## Exercise prompt:
If a record holds a picture, leave the picture out and repeat everything else exactly.

## Records provided:
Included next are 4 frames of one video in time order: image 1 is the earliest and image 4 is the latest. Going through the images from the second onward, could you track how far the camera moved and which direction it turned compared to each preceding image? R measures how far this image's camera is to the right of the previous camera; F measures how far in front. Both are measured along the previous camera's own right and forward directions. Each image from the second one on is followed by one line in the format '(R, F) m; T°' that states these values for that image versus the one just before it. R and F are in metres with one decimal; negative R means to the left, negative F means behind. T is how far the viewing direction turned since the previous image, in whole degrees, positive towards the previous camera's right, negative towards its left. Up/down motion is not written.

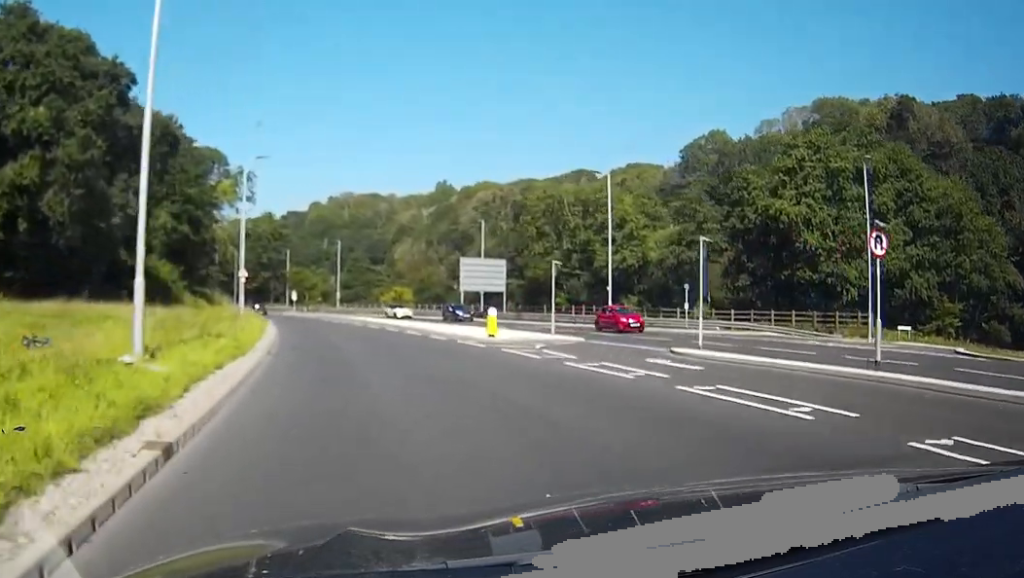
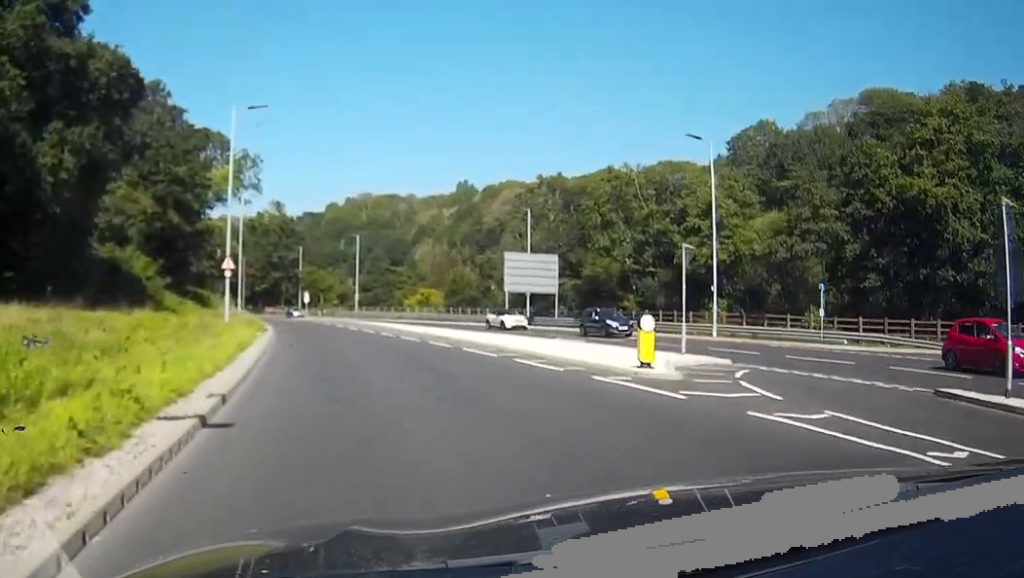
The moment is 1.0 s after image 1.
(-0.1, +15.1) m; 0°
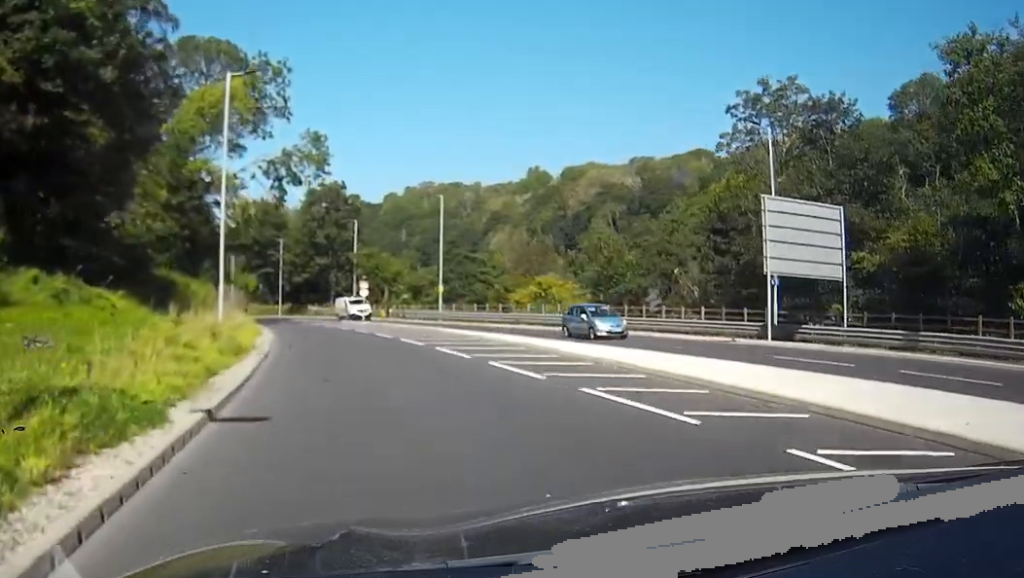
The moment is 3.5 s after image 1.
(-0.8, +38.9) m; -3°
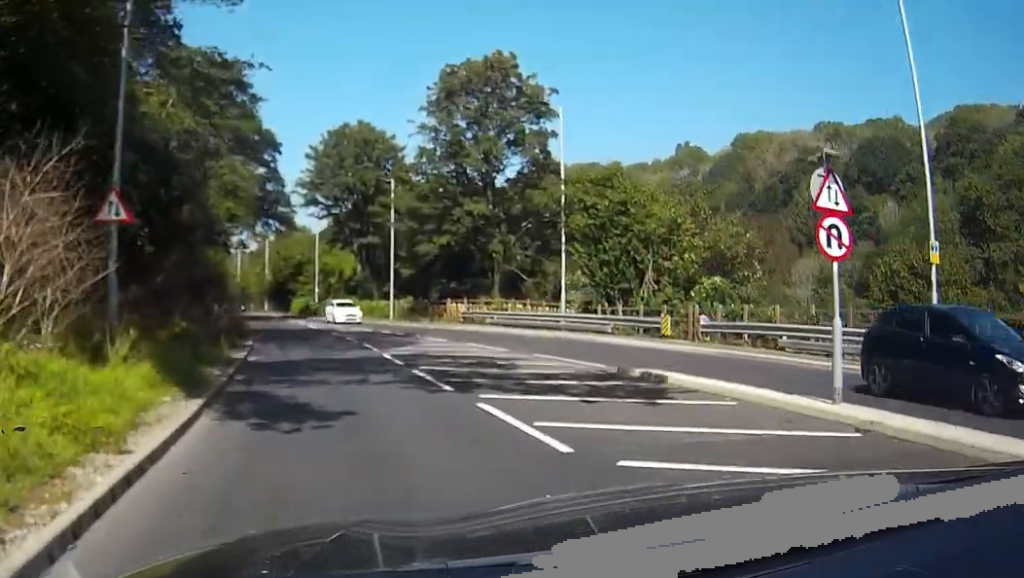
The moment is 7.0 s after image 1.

## Finished exercise:
Included next are 4 frames of one video in time order: image 1 is the earliest and image 4 is the latest. Going through the images from the second onward, could you track how far the camera moved and which direction it turned compared to each preceding image? R measures how far this image's camera is to the right of the previous camera; F measures how far in front. Both are measured along the previous camera's own right and forward directions. Each image from the second one on is followed by one line in the format '(R, F) m; T°' that states these values for that image versus the one just before it. R and F are in metres with one decimal; negative R means to the left, negative F means behind. T is how far the viewing direction turned since the previous image, in whole degrees, positive towards the previous camera's right, negative towards its left. Up/down motion is not written.

The moment is 1.0 s after image 1.
(-0.1, +15.1) m; 0°
The moment is 3.5 s after image 1.
(-0.8, +38.9) m; -3°
The moment is 7.0 s after image 1.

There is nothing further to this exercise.